Through the years within the fitness/coaching industry as both a client & trainer, coach & athlete, there were many “DIET FADS” I either experienced or heard about though peers experimenting.  To continue to help you break through some of these myths of these fads, I wanted to pass along some short, simple & direct information to you that you can utilize throughout your healthy lifestyle!

I have chosen to focus on 10 nutritional guidelines that must be queued in to aid the loss of fat, encourage lean muscle tissue building, and improve your overall health. This, in turn, will perpetuate additional healthy lifestyle and nutritional choices.

The 90/10 Idea. Follow these guidelines 90% of the time & “treat yourself” the other 10%. – We never want to create an environment of potential failure. We want our nutritional lifestyle to be feasible and attainable, so adopting the “you can never have that again” option is not an option at all. Deprivation is not the answer to a healthy eating process. Choose a meal on a given day that will be your splurge meal. Go ahead have some pancakes, a slice of cake, wings with bleu cheese – because tomorrow you are right back into your 90% nutritional behavior!

Eat breakfast every day & eat at least ever 3-4 hours throughout the day – Breakfast along with small, frequent meals throughout the day raise your metabolism & keep your blood sugar levels stable throughout the day. This helps avoiding cravings & instead helps with satiety over the course of the day.

Consume some type of protein with every meal – Protein aids in muscle building & in turn when we create the addition of lean muscle tissue onto the body, we will essentially burn more calories, even while we are in resting states.  Choose eggs (even with the yolk!), nuts, cheese, yogurt (Greek yogurt is packed full with protein, w/ less sugar than other yogurts), lean meats, & protein shakes.

Choose a fruit or vegetable & add to meals & snacks – Vegetables and fruits are part of the carbohydrate family of preferred foods that you want to make part of your daily nutritional intake. Vegetables and fruits are low-carb, low-calorie and full of nutrients to keep you satisfied and on track with your macronutrient intake.

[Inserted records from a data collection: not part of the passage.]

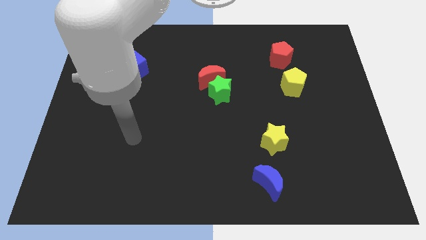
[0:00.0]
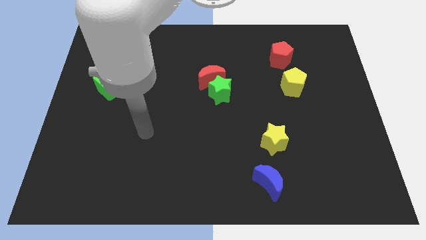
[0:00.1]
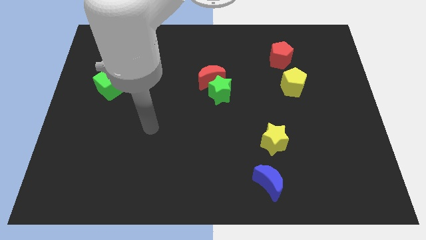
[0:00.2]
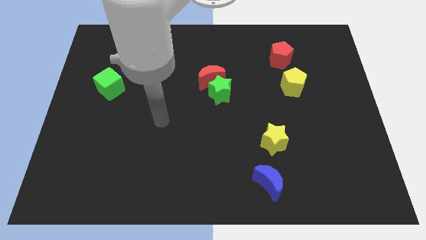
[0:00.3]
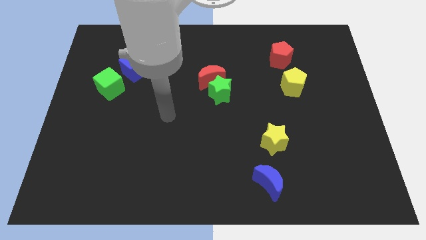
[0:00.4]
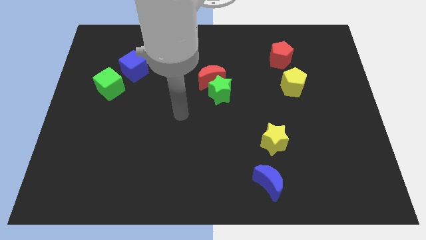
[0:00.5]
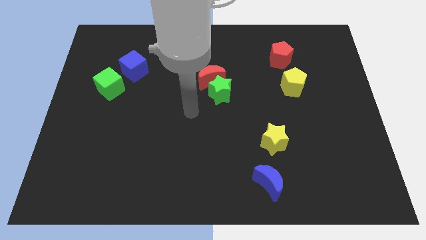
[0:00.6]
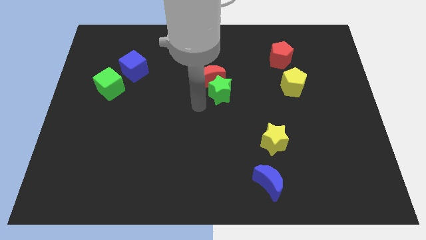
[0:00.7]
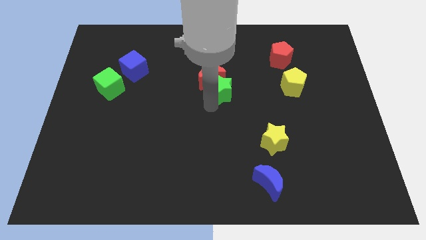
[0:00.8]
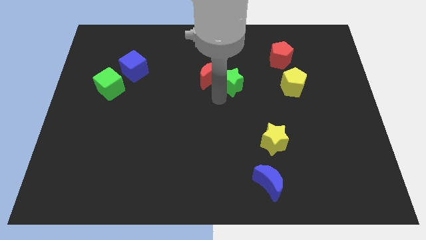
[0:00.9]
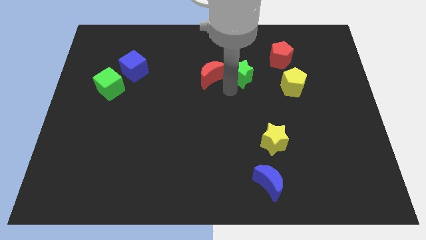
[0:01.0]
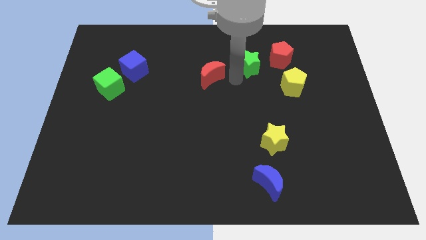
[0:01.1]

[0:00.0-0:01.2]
pull the red moon apart from the green star

Enjoy healthy oils & fats! – FAT DOES NOT MAKE YOU FAT!!! In fact your body needs fat as energy to rid your body of unwanted fat tissue. Introduce olive oil, coconut oil, flaxseed oil, raw nuts and seeds, avocados and omega 3 fish oils to your dietary intake.

Substitute processed foods containing carbohydrates for whole-grain foods containing carbohydrates –  This means eliminating “white”, “refined”, “processed” foods and replacing with choices such as whole-grain corn, popcorn, whole oats, brown rice, whole rye, whole-grain barley, wild rice, buckwheat, cracked wheat, millet, quinoa and 100% whole wheat flour to your dietary intake. Reap the benefits of added micronutrients and soluble fibers

PS: Try EZEKIEL BREAD – 100% Sprouted Grains (added protein too).

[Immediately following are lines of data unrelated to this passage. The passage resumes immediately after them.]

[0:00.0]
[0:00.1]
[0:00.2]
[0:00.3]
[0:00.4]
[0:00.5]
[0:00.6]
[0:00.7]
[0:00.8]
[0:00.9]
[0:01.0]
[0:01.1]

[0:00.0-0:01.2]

SUGAR INFUSED BEVERAGES ARE A NO! NO! Get away from soda, even sucralose, aspartame infused diet soda, fruit juices or sports drinks, etc.

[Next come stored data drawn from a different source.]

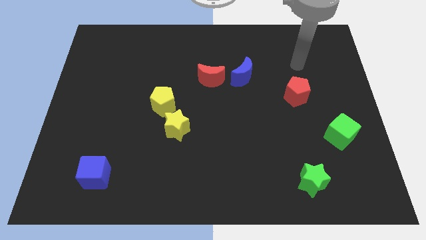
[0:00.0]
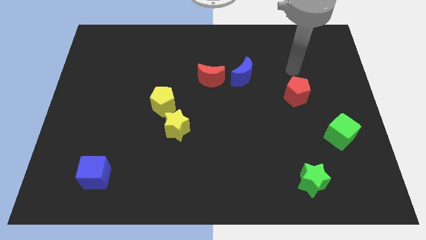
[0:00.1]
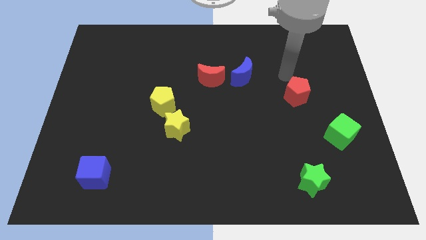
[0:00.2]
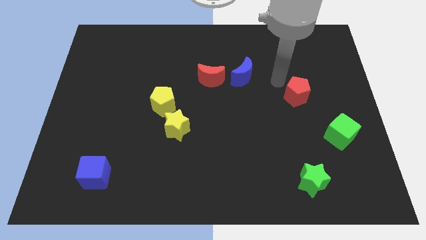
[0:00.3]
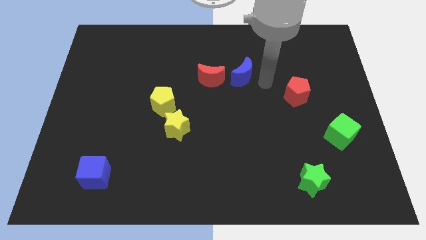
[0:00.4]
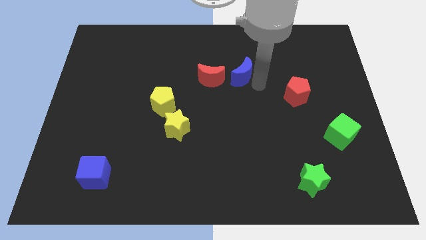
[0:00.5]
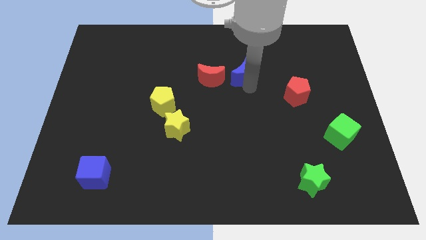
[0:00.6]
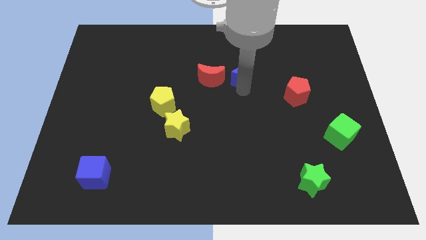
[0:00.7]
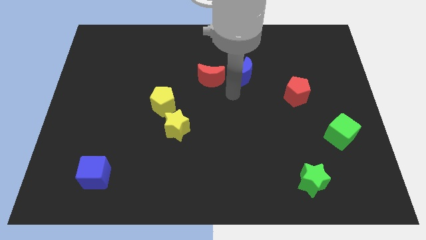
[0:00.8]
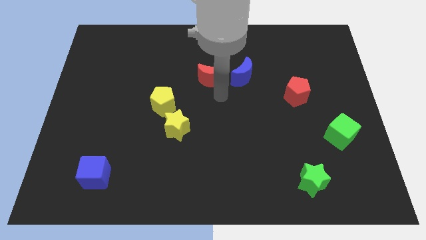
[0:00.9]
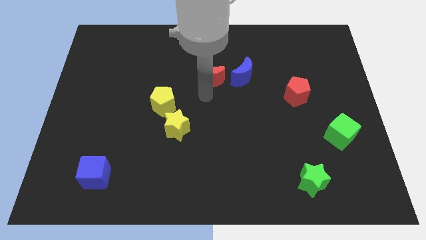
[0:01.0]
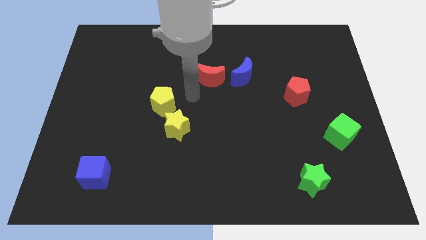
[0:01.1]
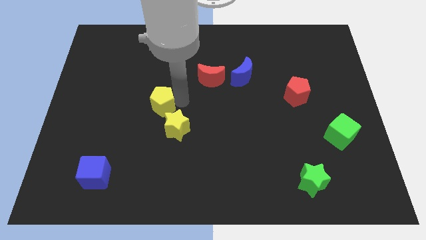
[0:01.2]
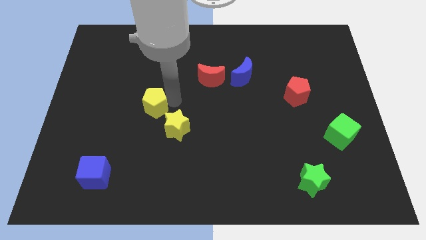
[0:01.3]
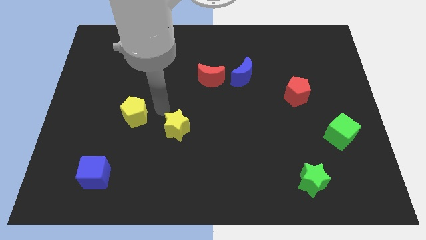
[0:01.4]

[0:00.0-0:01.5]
move the yellow star away from the yellow pentagon

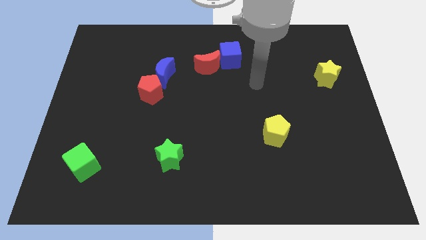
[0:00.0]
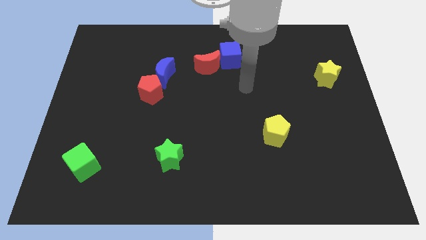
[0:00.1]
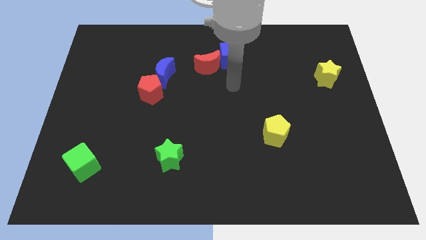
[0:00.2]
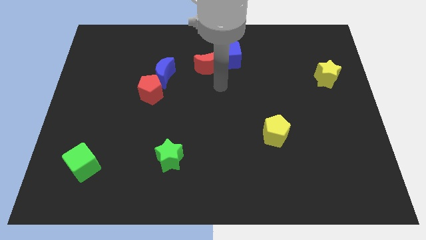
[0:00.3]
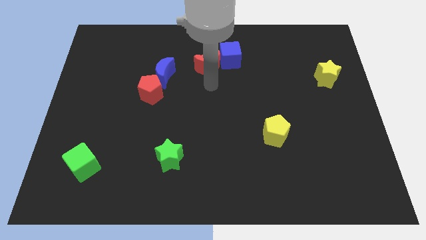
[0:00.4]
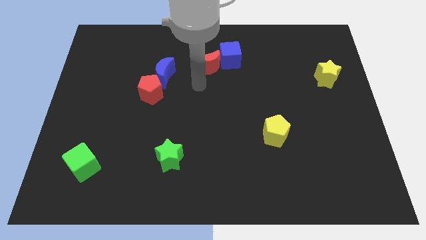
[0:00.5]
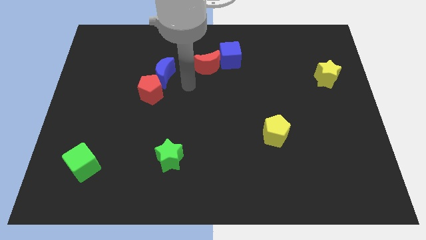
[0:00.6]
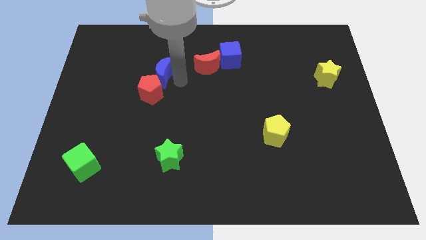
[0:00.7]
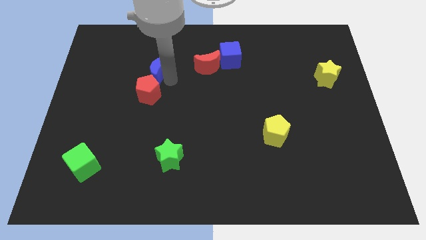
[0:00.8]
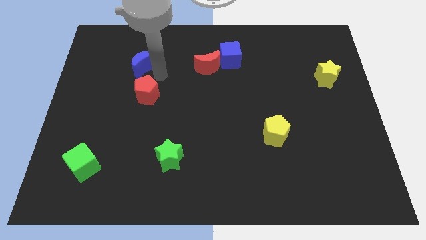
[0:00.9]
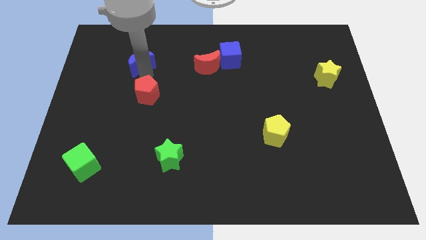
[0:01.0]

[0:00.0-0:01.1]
separate the red pentagon from the blue moon

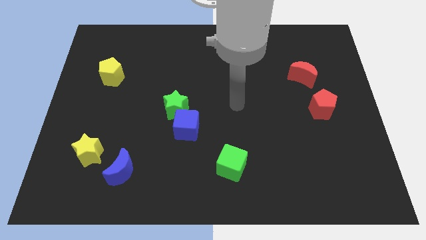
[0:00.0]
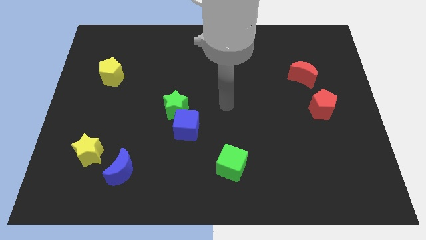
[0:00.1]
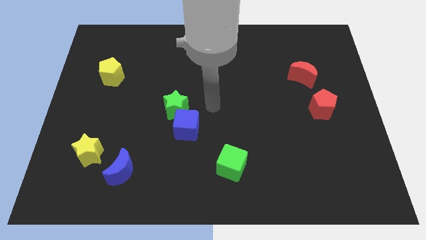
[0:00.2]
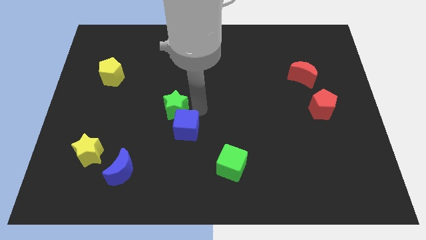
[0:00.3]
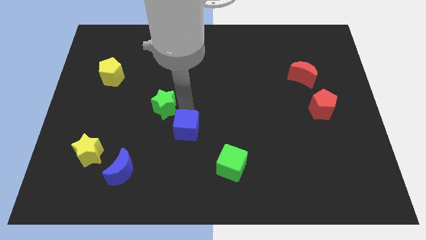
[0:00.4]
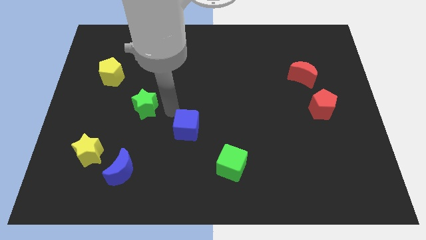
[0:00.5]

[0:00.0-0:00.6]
separate the blue cube from the green star

WATER. WATER. WATER.  In my experience based on earlier readings a beneficial target to reach for in daily water consumption is 1/2 your body weight in fluid ounces. Hypothetically speaking, If an individual weighed 200lbs, consuming 100oz of water per day would be an efficient amount of consumption. FYI: 1Gallon of Water = 128 fluid ounces. Drinking water will aid in body fat reduction and help facilitate the body’s normal everyday functions.

Choose a multi-vitamin & fish oil to supplement your daily dietary intake – Vitamins can help make sure you are getting your necessary micronutrient intake to help support everyday body functions. Fish oils can aid in joint care and in the prevention of many diseases.

TRACK YOUR FOOD INTAKE – Keep yourself accountable. When you cannot tangibly look at what you have ingested through the course of a day, it is very easy for your justification system to take over and make just about anything you choose “OKAY” to eat. Ex/”well I raked the leaves…so I can have this cupcake.” Eat it, Write It. Own it.

Nutritional Accountability = Nutritional Understanding = Nutritional Control.